Witnesses urge Pa. to put stricter curbs on coal-fired mercury pollutionadmin
Pennsylvania should enact a state plan forcing coal-fired power plants to cut mercury emissions 90 percent by 2015, rather than adopt less stringent rules favored by the Bush administration, witnesses told a public hearing yesterday.
All but one of 30 speakers who addressed the state’s Environmental Quality Board sitting in Norristown sharply criticized a federal plan that would extend the time frame for the cleaner-air standard.
Under the federal plan, Pennsylvania would reduce its mercury emissions 86 percent, but it would take until 2026 to do so, the Environmental Protection Agency has projected.
In addition, the federal plan would allow utilities to avoid installing mercury-filtering equipment in “dirty” power plants by purchasing pollution credits from cleaner plants in other states, something the state plan prohibits. “Why should Pennsylvanians spend their money to clean up power plants in other states?” testified Christine Knapp, representing Citizens for Pennsylvania’s Future, a nonprofit group based in Philadelphia.

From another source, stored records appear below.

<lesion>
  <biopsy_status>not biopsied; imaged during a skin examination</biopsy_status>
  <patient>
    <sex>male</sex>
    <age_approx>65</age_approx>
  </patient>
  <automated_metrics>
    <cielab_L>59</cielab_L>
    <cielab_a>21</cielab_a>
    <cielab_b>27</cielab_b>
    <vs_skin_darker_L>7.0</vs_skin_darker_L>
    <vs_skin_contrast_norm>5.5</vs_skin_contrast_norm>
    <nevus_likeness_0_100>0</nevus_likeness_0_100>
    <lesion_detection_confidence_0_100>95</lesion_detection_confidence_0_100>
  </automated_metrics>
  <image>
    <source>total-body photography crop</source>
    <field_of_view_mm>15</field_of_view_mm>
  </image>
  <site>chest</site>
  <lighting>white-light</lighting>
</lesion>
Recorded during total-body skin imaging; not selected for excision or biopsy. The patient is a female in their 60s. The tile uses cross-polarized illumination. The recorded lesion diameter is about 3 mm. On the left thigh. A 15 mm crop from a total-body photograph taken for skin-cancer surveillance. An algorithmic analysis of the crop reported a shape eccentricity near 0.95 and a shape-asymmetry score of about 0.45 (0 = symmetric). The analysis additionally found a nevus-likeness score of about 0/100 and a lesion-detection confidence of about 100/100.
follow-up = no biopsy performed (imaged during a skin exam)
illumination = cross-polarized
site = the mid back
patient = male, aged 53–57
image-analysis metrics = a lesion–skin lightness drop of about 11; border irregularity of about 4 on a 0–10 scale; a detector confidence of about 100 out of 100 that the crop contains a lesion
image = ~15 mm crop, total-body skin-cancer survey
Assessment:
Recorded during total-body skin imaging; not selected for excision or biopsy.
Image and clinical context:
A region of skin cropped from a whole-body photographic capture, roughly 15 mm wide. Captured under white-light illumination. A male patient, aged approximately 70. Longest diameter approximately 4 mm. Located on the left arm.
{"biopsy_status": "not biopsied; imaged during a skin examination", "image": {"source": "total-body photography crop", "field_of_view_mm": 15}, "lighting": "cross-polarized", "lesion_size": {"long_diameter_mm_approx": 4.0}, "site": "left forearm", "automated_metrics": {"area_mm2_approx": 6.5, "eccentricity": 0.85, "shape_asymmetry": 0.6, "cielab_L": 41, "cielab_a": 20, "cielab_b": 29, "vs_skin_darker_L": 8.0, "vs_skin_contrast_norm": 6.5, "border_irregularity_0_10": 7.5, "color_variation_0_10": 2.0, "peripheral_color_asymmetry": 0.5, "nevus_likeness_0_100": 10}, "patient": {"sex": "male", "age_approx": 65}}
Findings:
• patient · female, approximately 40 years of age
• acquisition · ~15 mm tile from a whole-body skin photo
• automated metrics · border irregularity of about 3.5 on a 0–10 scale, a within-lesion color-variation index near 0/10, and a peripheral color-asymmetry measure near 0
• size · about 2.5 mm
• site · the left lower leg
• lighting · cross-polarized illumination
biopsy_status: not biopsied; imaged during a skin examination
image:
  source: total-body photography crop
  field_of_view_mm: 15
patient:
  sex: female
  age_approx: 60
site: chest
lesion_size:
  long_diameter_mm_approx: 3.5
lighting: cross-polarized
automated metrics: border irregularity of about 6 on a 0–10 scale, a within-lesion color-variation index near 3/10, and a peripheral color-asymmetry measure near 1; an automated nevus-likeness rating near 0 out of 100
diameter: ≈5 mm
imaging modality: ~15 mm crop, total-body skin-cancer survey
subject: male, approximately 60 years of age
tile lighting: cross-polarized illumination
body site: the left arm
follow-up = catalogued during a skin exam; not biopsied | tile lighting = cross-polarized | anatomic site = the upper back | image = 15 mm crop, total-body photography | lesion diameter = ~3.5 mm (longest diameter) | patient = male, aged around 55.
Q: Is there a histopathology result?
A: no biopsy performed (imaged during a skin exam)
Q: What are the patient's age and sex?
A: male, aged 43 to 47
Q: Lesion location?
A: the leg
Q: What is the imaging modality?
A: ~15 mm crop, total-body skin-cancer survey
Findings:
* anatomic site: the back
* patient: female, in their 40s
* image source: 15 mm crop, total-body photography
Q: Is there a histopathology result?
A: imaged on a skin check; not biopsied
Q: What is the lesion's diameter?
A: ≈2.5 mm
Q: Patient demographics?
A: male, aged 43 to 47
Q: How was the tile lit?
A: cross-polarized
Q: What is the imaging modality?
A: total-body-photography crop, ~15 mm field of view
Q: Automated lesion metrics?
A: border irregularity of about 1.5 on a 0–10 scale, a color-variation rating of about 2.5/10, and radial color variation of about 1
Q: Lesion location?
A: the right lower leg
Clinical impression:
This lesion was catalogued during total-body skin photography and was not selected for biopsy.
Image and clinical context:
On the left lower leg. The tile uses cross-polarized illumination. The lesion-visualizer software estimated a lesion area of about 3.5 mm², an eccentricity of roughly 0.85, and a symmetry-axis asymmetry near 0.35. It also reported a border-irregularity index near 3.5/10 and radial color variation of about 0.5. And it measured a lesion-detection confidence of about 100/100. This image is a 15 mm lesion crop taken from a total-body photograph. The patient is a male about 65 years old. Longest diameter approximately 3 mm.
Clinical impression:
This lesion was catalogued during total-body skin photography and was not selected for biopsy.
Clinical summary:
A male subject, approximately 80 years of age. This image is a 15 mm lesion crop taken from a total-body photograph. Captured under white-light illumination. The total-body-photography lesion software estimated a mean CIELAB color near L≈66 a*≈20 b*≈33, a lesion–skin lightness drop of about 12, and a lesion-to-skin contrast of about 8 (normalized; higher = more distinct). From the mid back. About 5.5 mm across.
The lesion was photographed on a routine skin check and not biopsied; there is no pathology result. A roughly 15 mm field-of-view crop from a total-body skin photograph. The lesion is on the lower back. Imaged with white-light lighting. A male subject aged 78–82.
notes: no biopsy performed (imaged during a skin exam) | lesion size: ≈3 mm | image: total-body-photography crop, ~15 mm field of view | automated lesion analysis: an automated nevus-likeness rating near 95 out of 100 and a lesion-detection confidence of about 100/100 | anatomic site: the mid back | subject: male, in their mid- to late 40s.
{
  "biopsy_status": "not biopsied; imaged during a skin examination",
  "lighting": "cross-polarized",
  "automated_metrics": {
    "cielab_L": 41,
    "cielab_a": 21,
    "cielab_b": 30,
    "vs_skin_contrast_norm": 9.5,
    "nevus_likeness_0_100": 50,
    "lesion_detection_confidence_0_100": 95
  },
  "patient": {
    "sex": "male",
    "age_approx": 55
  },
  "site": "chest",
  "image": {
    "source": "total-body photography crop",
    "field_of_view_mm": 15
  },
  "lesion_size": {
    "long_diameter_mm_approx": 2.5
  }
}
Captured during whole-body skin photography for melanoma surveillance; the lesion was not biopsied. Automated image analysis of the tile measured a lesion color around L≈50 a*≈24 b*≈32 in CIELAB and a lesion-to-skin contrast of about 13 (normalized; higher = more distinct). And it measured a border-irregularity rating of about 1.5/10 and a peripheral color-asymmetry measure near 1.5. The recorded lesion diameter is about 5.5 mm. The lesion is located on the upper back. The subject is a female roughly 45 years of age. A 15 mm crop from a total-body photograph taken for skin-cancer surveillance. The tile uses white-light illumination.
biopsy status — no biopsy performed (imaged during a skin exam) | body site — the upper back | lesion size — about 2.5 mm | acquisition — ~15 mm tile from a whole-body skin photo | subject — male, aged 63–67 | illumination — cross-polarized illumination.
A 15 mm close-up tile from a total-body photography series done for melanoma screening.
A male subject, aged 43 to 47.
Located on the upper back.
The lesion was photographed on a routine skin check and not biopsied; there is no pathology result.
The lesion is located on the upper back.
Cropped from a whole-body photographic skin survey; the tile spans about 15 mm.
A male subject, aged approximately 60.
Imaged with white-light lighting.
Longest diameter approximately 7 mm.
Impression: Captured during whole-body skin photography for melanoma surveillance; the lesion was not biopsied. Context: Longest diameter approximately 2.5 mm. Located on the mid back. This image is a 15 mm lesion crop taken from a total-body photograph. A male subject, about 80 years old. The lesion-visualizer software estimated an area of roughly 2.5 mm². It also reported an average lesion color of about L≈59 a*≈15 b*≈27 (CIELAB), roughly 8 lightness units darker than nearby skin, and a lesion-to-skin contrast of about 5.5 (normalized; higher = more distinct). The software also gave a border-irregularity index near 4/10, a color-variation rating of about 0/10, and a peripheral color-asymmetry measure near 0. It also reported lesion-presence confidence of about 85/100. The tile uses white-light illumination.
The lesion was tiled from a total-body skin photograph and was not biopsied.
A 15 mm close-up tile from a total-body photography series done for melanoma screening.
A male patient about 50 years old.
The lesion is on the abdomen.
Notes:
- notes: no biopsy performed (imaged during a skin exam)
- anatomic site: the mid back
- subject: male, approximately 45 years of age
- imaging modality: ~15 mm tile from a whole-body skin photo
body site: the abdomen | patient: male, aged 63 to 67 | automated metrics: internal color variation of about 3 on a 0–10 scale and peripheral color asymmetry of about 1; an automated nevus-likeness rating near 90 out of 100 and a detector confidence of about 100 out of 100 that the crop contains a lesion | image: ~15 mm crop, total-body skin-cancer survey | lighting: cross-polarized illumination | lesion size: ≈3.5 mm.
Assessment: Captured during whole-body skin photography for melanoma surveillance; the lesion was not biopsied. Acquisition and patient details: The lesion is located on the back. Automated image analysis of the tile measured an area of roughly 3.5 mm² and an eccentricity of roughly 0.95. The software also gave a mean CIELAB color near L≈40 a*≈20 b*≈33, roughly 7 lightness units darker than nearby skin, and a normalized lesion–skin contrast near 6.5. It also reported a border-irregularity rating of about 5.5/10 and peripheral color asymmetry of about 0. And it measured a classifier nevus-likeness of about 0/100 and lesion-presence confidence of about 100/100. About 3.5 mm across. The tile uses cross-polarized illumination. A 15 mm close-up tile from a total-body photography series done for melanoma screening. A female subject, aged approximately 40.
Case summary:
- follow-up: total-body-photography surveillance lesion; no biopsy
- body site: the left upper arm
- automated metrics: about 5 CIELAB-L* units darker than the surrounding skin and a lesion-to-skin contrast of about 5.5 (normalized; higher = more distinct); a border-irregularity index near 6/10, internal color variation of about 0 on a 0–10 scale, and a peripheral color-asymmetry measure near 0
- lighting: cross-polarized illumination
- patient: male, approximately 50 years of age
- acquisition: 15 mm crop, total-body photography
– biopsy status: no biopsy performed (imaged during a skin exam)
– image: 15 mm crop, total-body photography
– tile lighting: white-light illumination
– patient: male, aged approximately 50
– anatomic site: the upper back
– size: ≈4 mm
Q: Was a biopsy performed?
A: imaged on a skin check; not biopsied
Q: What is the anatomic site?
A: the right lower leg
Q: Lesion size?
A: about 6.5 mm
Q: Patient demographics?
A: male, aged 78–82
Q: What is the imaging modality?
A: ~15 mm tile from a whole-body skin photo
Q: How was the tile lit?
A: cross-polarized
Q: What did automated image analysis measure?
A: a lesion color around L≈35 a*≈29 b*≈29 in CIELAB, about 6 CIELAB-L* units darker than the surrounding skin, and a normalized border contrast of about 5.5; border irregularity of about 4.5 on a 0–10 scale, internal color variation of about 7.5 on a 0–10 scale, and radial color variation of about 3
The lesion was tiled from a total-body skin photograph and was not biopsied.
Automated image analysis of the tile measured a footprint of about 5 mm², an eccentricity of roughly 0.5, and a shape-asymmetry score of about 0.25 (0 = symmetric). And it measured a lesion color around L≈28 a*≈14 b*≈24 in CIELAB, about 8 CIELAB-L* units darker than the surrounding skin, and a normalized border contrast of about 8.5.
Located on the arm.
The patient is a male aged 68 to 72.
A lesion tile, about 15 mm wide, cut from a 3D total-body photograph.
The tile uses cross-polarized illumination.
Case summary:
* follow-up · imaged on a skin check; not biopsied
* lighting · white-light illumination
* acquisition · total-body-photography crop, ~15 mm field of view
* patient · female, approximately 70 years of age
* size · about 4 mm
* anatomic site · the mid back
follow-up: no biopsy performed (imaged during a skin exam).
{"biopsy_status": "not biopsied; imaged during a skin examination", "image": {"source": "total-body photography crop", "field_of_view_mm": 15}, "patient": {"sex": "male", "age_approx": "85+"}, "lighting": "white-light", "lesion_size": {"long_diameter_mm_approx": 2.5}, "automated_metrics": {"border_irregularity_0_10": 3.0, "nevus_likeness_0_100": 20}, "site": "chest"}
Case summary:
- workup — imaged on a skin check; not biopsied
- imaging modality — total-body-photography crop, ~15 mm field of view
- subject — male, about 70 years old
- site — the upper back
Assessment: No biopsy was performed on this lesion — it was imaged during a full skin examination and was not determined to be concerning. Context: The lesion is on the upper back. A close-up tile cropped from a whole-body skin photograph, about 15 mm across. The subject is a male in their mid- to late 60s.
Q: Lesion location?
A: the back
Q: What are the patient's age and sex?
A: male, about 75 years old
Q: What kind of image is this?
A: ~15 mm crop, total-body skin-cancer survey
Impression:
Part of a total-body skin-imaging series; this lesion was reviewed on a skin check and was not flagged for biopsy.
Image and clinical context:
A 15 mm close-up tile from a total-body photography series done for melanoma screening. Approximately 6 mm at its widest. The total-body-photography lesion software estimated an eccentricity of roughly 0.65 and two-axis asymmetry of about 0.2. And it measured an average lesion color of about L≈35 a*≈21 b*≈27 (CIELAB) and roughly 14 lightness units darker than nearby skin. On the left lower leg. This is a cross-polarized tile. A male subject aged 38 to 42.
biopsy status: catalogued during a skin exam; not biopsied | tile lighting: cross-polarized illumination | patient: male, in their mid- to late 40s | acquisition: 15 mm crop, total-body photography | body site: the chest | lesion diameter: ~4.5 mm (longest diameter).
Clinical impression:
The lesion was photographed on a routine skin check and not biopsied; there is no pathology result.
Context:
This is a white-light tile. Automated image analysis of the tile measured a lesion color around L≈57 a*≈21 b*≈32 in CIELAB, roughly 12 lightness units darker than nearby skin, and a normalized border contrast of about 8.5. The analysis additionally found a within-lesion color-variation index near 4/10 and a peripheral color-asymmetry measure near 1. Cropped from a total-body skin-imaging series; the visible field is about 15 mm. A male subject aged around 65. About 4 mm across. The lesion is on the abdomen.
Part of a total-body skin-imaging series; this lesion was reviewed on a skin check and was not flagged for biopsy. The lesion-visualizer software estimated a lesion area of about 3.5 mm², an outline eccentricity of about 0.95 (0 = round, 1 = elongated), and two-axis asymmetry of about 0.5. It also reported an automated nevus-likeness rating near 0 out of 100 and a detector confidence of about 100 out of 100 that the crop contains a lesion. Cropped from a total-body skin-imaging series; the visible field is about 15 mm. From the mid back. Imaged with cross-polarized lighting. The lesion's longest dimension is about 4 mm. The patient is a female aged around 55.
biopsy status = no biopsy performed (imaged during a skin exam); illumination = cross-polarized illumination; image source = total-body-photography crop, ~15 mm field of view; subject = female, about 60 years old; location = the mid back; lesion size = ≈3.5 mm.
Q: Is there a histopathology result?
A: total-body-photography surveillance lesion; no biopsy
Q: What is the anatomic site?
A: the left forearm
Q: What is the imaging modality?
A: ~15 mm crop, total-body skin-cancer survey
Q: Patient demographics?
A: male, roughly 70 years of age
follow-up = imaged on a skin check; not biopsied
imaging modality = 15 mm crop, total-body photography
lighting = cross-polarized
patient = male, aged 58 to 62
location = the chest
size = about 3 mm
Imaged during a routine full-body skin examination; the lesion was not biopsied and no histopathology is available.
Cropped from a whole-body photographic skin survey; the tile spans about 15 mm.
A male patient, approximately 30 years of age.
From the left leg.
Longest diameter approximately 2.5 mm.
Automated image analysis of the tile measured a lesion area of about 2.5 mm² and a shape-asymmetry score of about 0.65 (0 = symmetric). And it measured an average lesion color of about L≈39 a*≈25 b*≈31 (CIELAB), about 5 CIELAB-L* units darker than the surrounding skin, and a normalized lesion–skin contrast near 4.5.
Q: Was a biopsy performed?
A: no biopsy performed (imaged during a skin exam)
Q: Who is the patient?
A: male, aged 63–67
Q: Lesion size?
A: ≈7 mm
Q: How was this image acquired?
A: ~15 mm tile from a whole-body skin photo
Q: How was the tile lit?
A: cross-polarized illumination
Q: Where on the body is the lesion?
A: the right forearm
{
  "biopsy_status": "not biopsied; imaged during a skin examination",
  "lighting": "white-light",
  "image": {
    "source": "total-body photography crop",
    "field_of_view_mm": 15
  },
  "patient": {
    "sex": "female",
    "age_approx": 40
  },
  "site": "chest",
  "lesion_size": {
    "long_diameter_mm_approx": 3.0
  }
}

Knapp said it was “silly” not to push for the state’s stiffer rules since they would cost consumers a paltry $1.08 a month on their electric bills.
Another speaker, Lisa Zhu of Philadelphia, equated the added cost to the price of a regular, black coffee at Starbucks.
When coal is burned, emissions containing mercury become airborne. Mercury falls to the ground in rain, and collects in the fatty tissue of fish.
Pregnant women who have eaten large quantities of fish over the years may have high levels of mercury in their blood, putting fetuses at risk for learning disabilities and other developmental problems, testified Nathan Wilcox, of PennEnvironment, a nonprofit based in Philadelphia.
“EPA scientists estimate that one in six women of child-bearing age has enough mercury in her body to put her child at risk, should she become pregnant,” Wilcox testified.
On April 11, 2001, Pennsylvania issued a statewide advisory warning fishermen and women to limit intake of their catch to one meal per week to avoid health risks. The advisory is still in effect.
Earlier this year, Senate Bill 1201 and House Bill 2610 were introduced in Harrisburg. Both aimed at blocking the state’s mercury-reduction plan in favor of the weaker federal regulations.
On June 20, the Senate passed its version of the bill by a vote of 40-10. State Sen. Constance H. Williams (D., Montgomery County), who voted against the bill, said she was “disappointed” at the outcome. The House may consider its version of the bill this fall.